И он опять раскрыл газету:
— «Голод толкнул женщину на самоубийство. Сегодня в восемь часов утра полиция обнаружила на вилле доктора С…» — Пан Копферкингель дочитал заметку до конца и бросил быстрый взгляд на Зину, поправлявшую у зеркала прическу.
Тут из кухни опять послышался негромкий удар, и пан Копферкингель кивнул.
— Второй тоже умер, — констатировал он, поглядев на табличку возле окна. — Стена пала, а свободная душа воспарила ввысь. Теперь, Мили, ты получишь обе эти души и станешь весело играть с ними. Впрочем, мы отлично понимаем, что это только рыбьи воздушные пузыри, а истинные души карпов наверняка уже подыскали себе новые тела. Например, вселились в каких-нибудь кошек. Вообще-то рыбы — это наши младшие братья, и мы не должны были бы убивать и есть их, потому что это жестоко. И все же ваша добрая мать вот-вот положит их на сковороду, чтобы зажарить. — Пан Копферкингель взял в руки «Закон о кремации». — В семь часов они украсят собой наш праздничный стол. Так заведено Богом, и, значит, иначе нельзя. Лакомясь в Сочельник вкусными карпами, мы тем самым приближаем их новое рождение. Спаситель тоже ел их. — Копферкингель аккуратно поставил на место «Закон о кремации». — Мало того, он ел даже агнцев…

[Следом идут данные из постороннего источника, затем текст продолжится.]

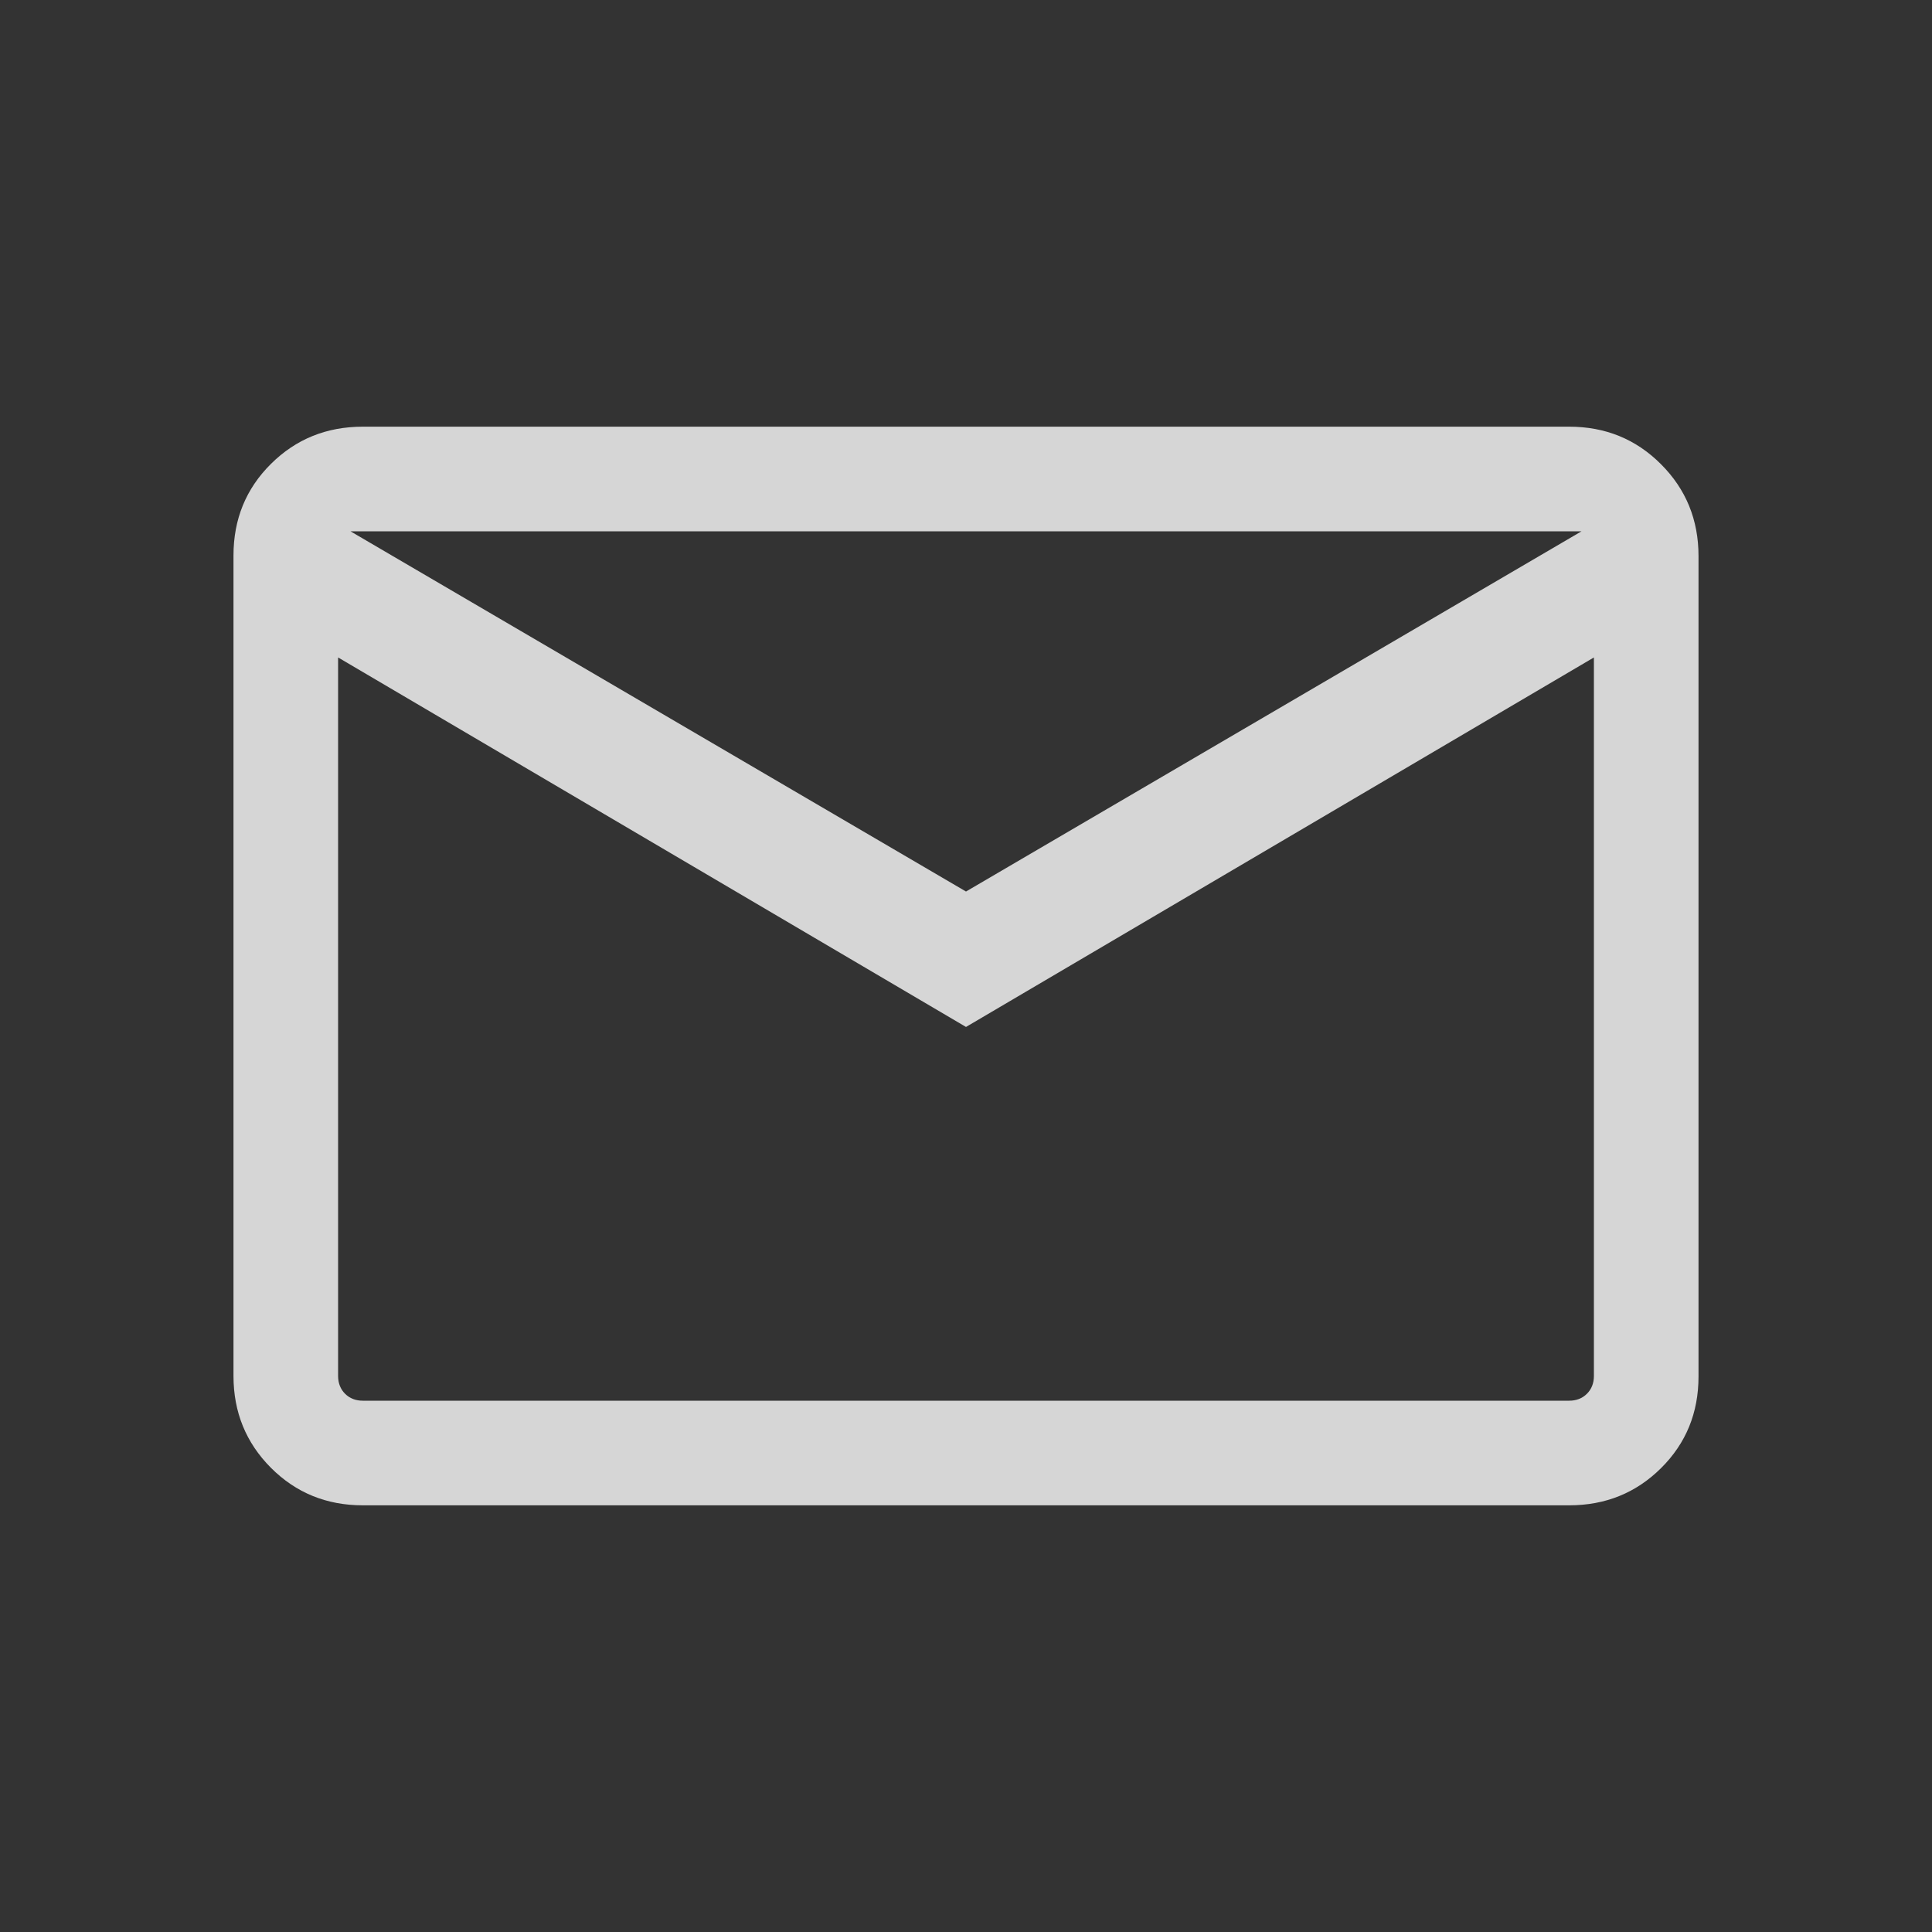 <svg width="20" height="20" viewBox="0 0 20 20" fill="none" xmlns="http://www.w3.org/2000/svg">
<rect x="0" y="0" width="20" height="20" fill="#333333" stroke="none"/>
<g opacity="0.8">
<mask id="mask0_1830_49" style="mask-type:alpha" maskUnits="userSpaceOnUse" x="0" y="0" width="20" height="20">
<rect width="20" height="20" fill="#D9D9D9"/>
</mask>
<g mask="url(#mask0_1830_49)">
<path d="M3.756 15.583C3.381 15.583 3.064 15.454 2.805 15.195C2.546 14.935 2.417 14.618 2.417 14.243V5.751C2.417 5.375 2.546 5.059 2.805 4.802C3.064 4.545 3.381 4.417 3.756 4.417H16.244C16.619 4.417 16.936 4.546 17.195 4.806C17.454 5.065 17.583 5.382 17.583 5.757V14.249C17.583 14.625 17.454 14.941 17.195 15.198C16.936 15.455 16.619 15.583 16.244 15.583H3.756ZM10 10.631L3.5 6.806V14.244C3.5 14.318 3.524 14.38 3.572 14.428C3.62 14.476 3.682 14.5 3.756 14.5H16.244C16.318 14.5 16.38 14.476 16.428 14.428C16.476 14.38 16.5 14.318 16.5 14.244V6.806L10 10.631ZM10 9.229L16.372 5.5H3.628L10 9.229ZM3.5 6.806V5.5V14.244C3.5 14.318 3.524 14.38 3.572 14.428C3.62 14.476 3.682 14.5 3.756 14.5H3.5V6.806Z" fill="white"/>
</g>
</g>
</svg>
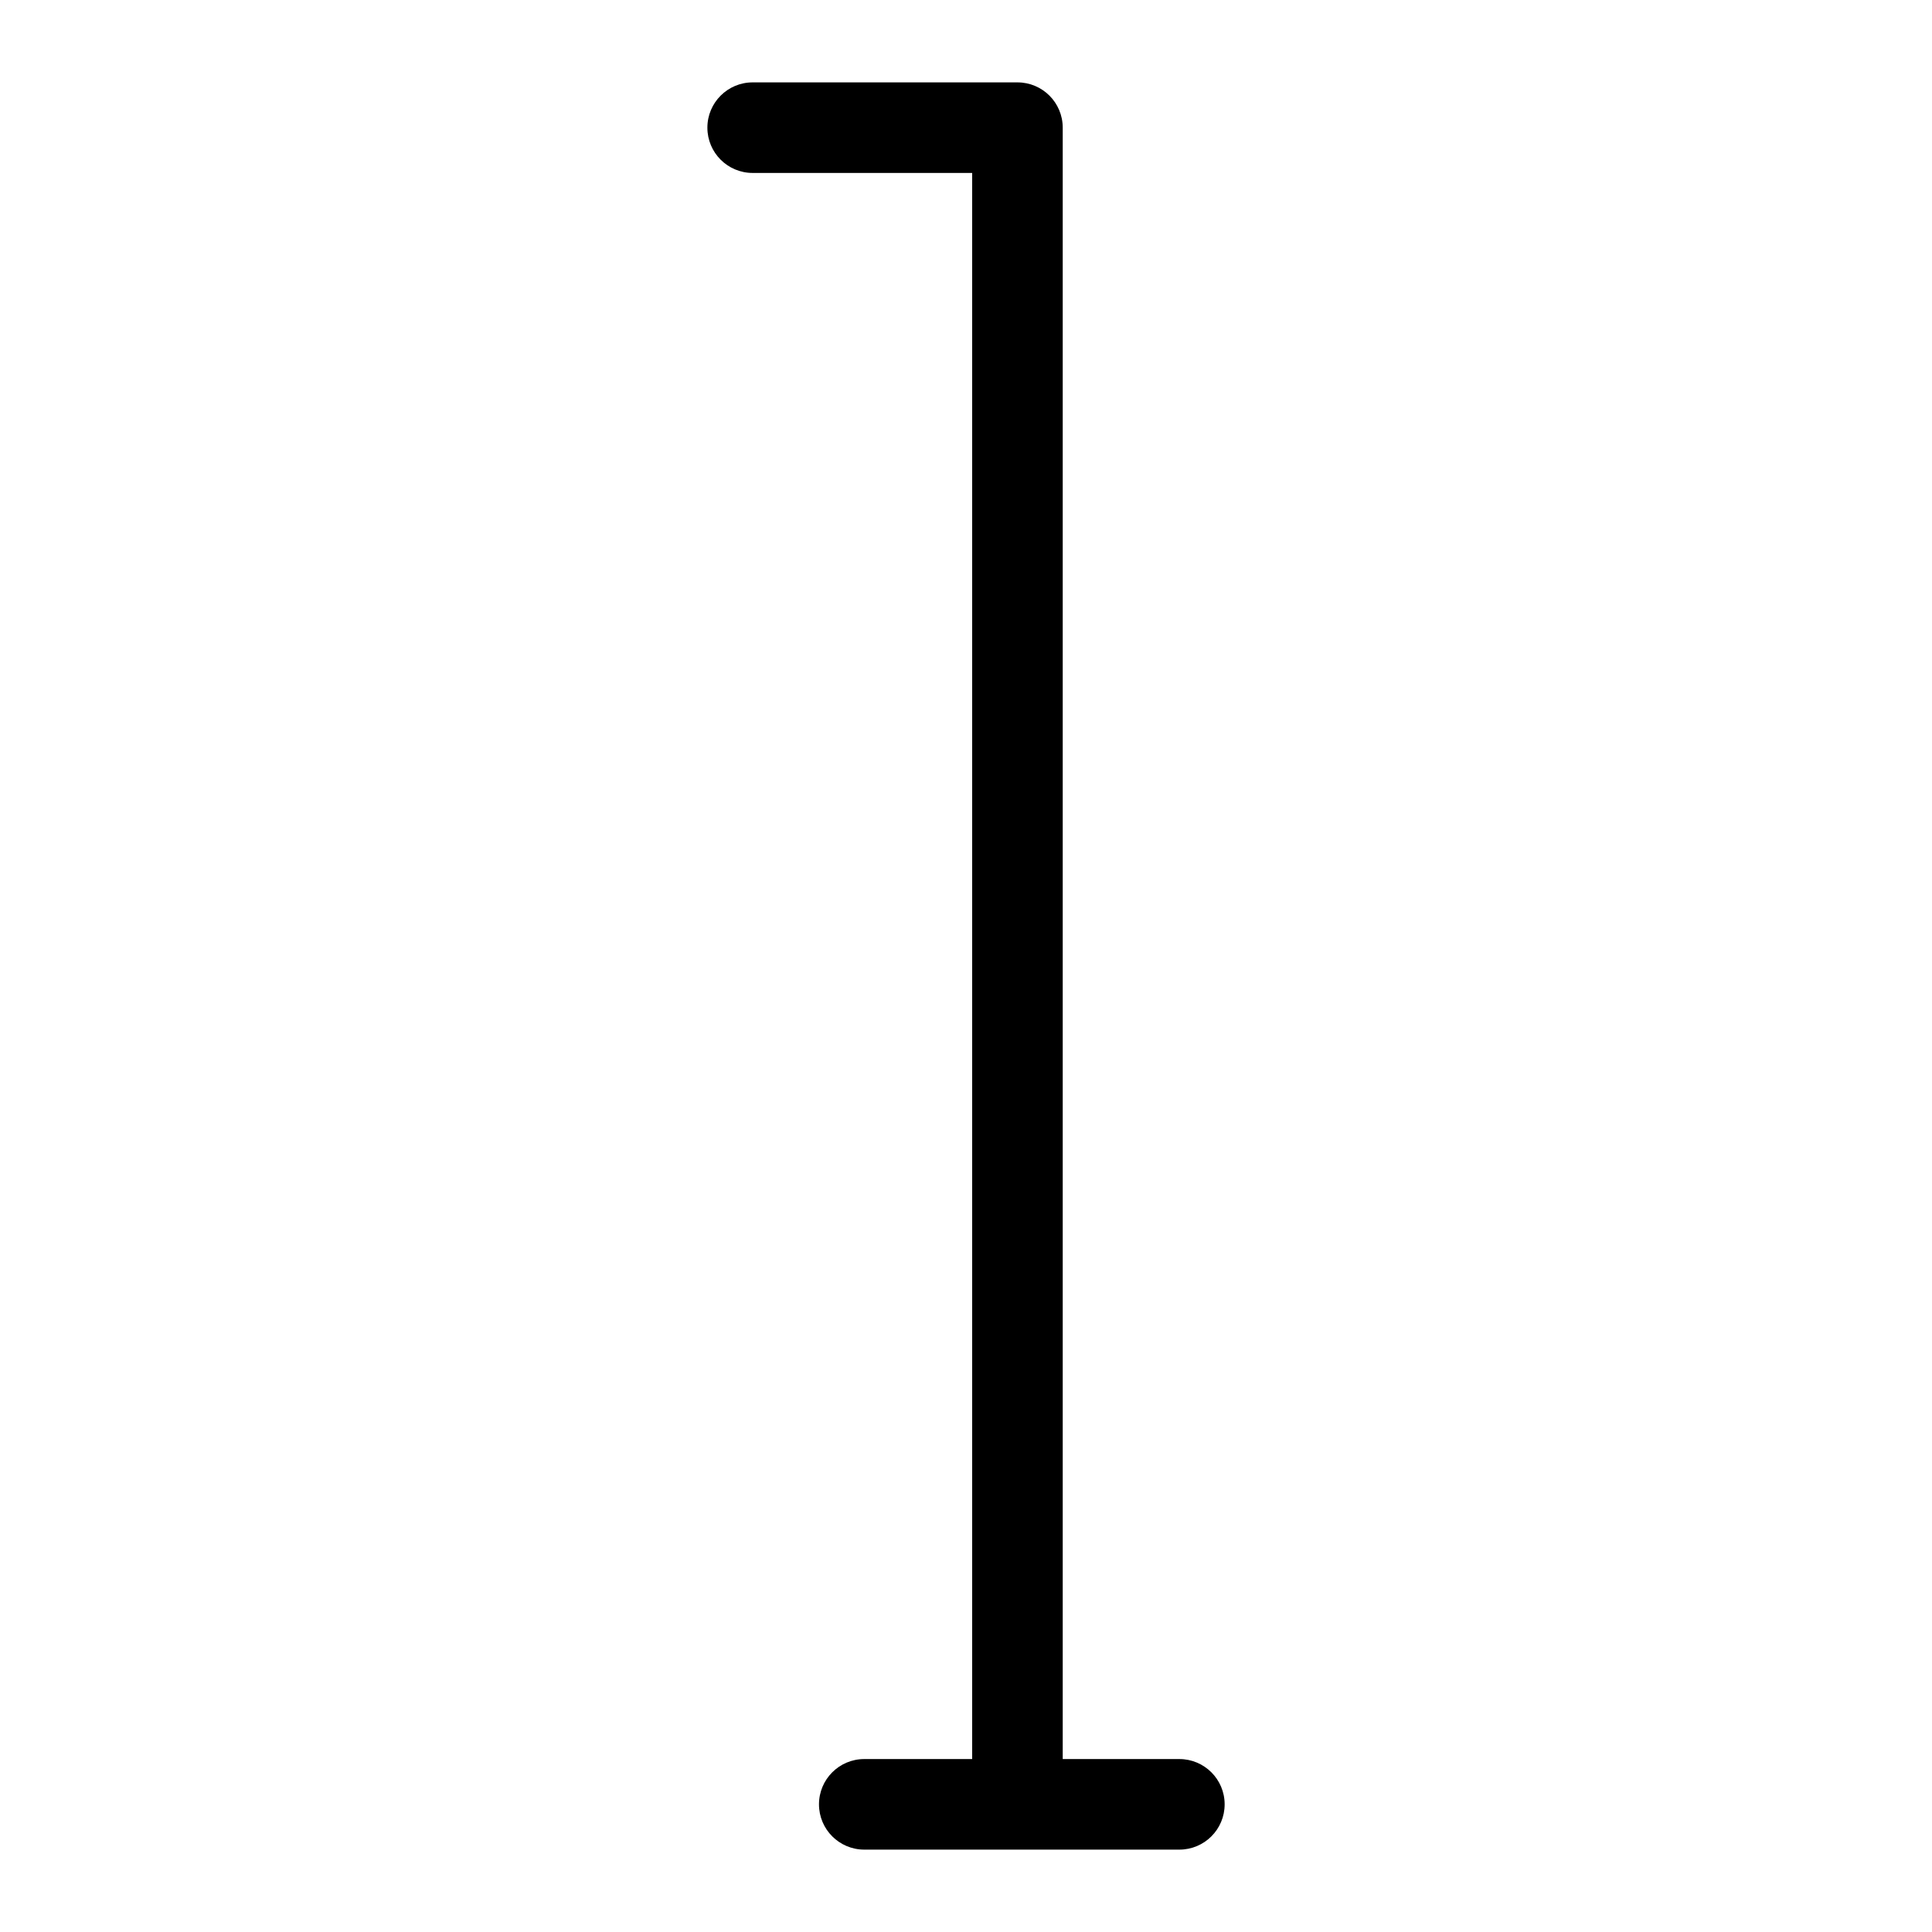<svg enable-background="new 0 0 64 64" height="512" viewBox="0 0 64 64" width="512" xmlns="http://www.w3.org/2000/svg"><g id="Layer_2"><path d="m39.068 58.271h-3.864v-54.042c0-.829-.671-1.5-1.5-1.5h-8.771c-.829 0-1.5.671-1.5 1.5s.671 1.5 1.5 1.5h7.271v52.542h-3.574c-.829 0-1.5.671-1.5 1.5s.671 1.5 1.5 1.5h10.438c.829 0 1.5-.671 1.5-1.5s-.672-1.5-1.5-1.5z"/></g></svg>

И отец семейства обнял детей за плечи.
— Ну, дорогие мои, пришло время подарить пани Анежке наш замечательный красный фартук.
Не успела еще закрыться дверь за благодарной пани Анежкой, как в прихожей появился Вилли. Он поздоровался с Лакме и детьми, снял пальто, сдул пылинку с лацкана элегантного пиджака и вошел в столовую.
На столе его уже ждала бутылка вина.
— Какая красивая елка, — сказал Вилли, — а карп у вас тоже есть?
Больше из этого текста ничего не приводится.